--- AVAILABLE DATA ---
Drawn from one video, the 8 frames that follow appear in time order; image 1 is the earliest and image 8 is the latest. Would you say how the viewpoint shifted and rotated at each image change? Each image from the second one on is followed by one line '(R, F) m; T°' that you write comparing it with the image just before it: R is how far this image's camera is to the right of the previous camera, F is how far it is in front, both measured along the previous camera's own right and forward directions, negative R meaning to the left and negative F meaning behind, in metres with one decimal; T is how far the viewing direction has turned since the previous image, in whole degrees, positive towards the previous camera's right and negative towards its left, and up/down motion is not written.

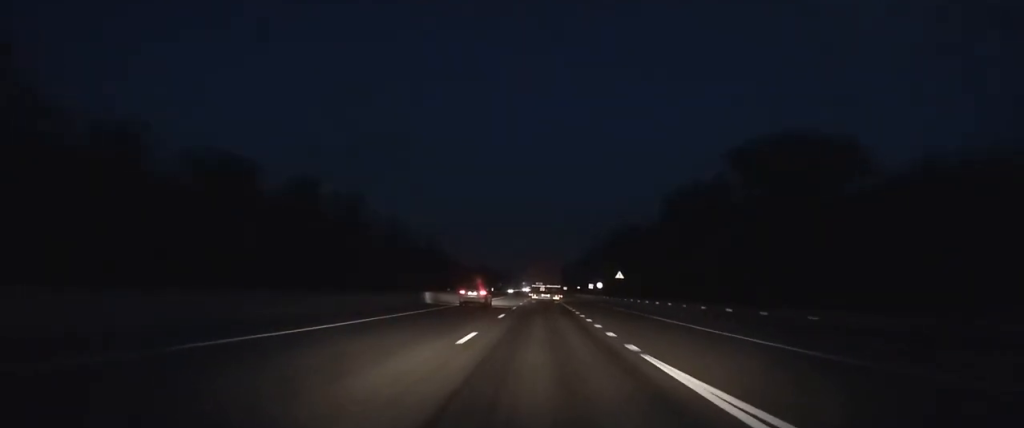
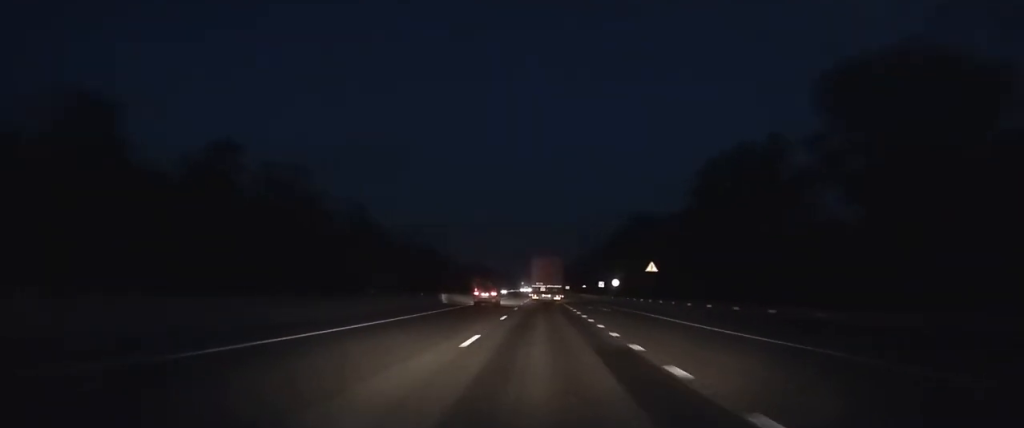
(0.0, +18.0) m; 0°
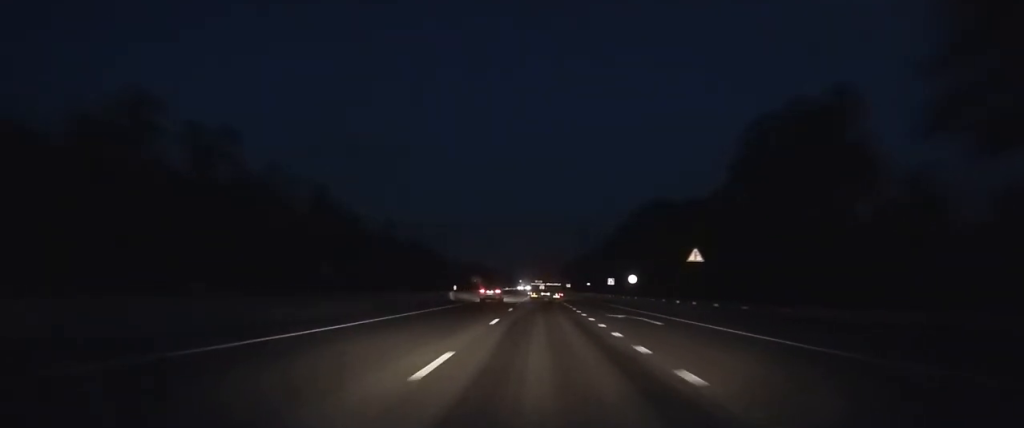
(0.0, +15.6) m; 0°
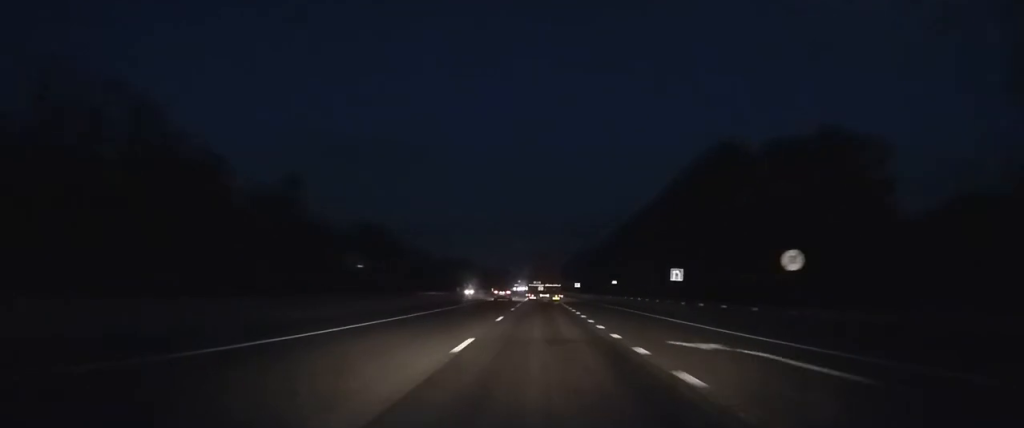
(-0.2, +51.5) m; 0°
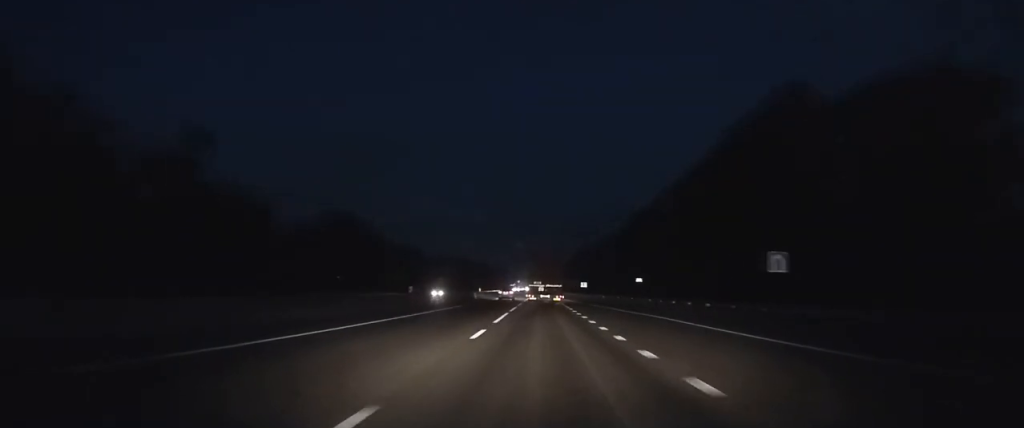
(0.0, +25.0) m; 0°
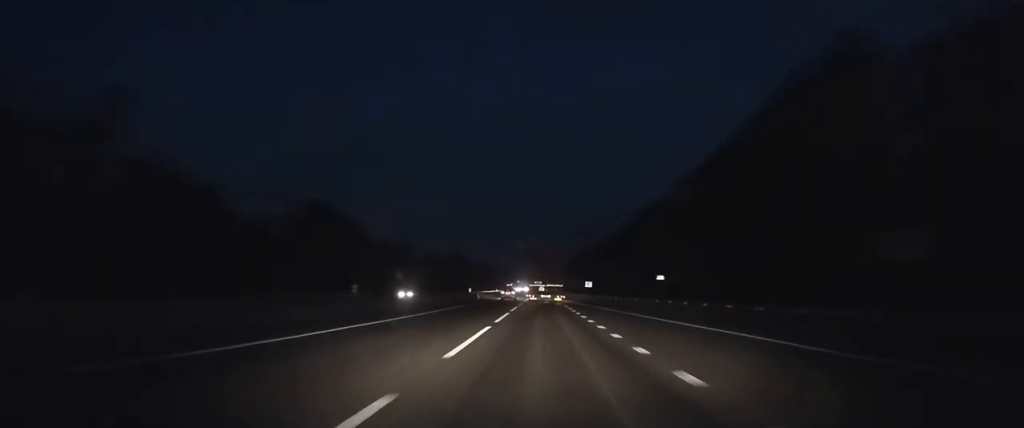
(0.0, +12.5) m; 0°
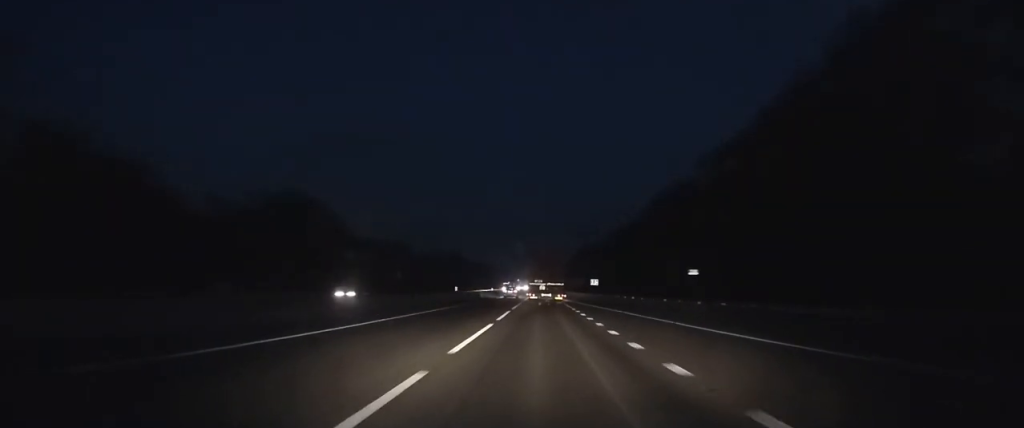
(0.0, +11.3) m; 0°
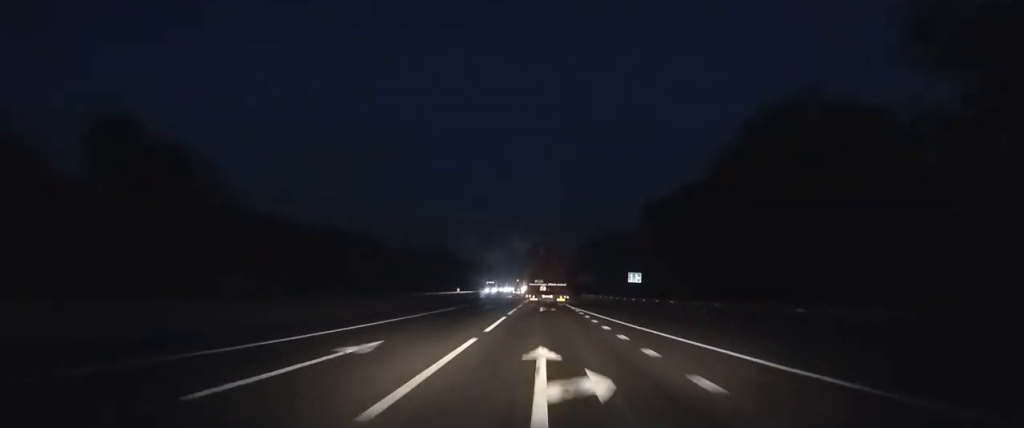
(0.0, +38.2) m; 0°
---
#### [WHAT IS NEEDED]
In your copy, include no pictures, but reproduce all records exactly.

#### [EXERCISE SOLUTION]
Drawn from one video, the 8 frames that follow appear in time order; image 1 is the earliest and image 8 is the latest. Would you say how the viewpoint shifted and rotated at each image change? Each image from the second one on is followed by one line '(R, F) m; T°' that you write comparing it with the image just before it: R is how far this image's camera is to the right of the previous camera, F is how far it is in front, both measured along the previous camera's own right and forward directions, negative R meaning to the left and negative F meaning behind, in metres with one decimal; T is how far the viewing direction has turned since the previous image, in whole degrees, positive towards the previous camera's right and negative towards its left, and up/down motion is not written.

(0.0, +18.0) m; 0°
(0.0, +15.6) m; 0°
(-0.2, +51.5) m; 0°
(0.0, +25.0) m; 0°
(0.0, +12.5) m; 0°
(0.0, +11.3) m; 0°
(0.0, +38.2) m; 0°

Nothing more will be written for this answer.